■ **Activity**
Return each line of the records below in which the string "wide" turns up.

*** Information shown Section Begins ***

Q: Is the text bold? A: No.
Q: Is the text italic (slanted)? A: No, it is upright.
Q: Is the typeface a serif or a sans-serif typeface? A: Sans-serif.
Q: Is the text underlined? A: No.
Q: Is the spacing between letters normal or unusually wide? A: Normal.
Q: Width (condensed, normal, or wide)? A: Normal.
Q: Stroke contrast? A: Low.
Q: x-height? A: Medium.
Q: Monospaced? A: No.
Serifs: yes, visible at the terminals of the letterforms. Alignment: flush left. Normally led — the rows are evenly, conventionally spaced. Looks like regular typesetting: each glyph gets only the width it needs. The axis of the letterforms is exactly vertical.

*** Information shown Section Ends ***
*** Information shown Section Begins ***

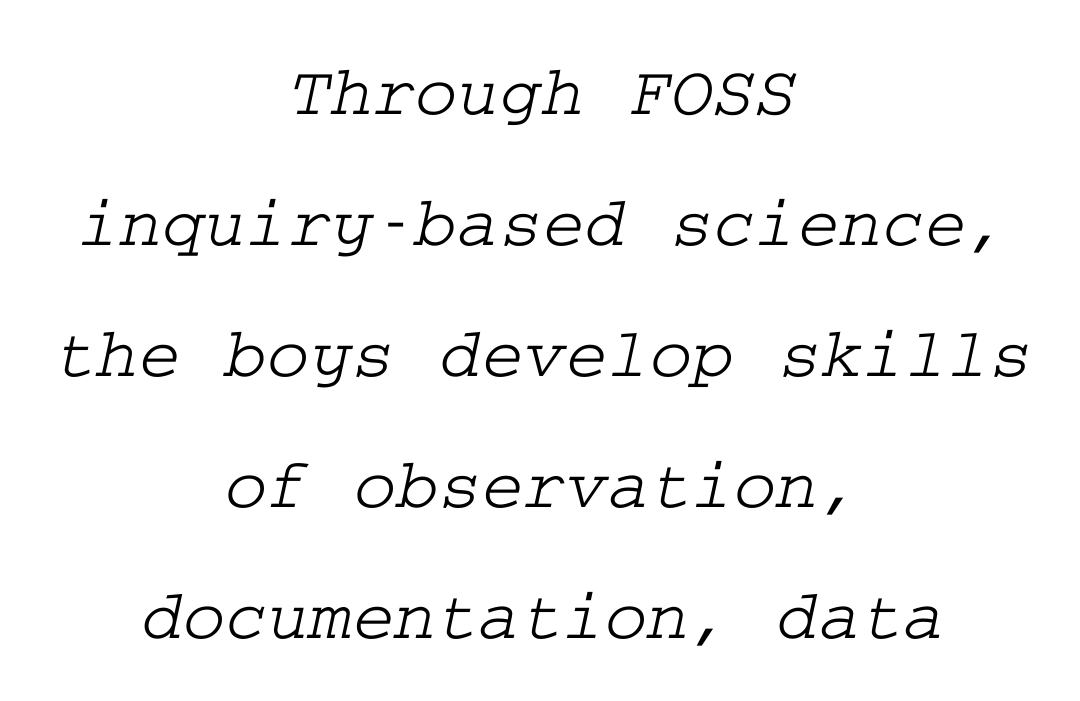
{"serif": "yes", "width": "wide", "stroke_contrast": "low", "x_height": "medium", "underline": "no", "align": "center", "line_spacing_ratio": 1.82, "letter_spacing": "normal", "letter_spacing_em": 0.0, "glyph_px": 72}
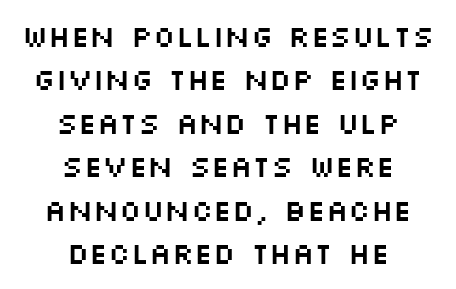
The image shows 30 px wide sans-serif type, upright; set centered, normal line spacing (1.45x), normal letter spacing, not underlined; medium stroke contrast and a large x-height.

*** Information shown Section Ends ***

■ **Answer section**
Q: Is the spacing between letters normal or unusually wide? A: Normal.
Q: Width (condensed, normal, or wide)? A: Normal.
{"serif": "yes", "width": "wide", "stroke_contrast": "low", "x_height": "medium", "underline": "no", "align": "center", "line_spacing_ratio": 1.82, "letter_spacing": "normal", "letter_spacing_em": 0.0, "glyph_px": 72}
The image shows 30 px wide sans-serif type, upright; set centered, normal line spacing (1.45x), normal letter spacing, not underlined; medium stroke contrast and a large x-height.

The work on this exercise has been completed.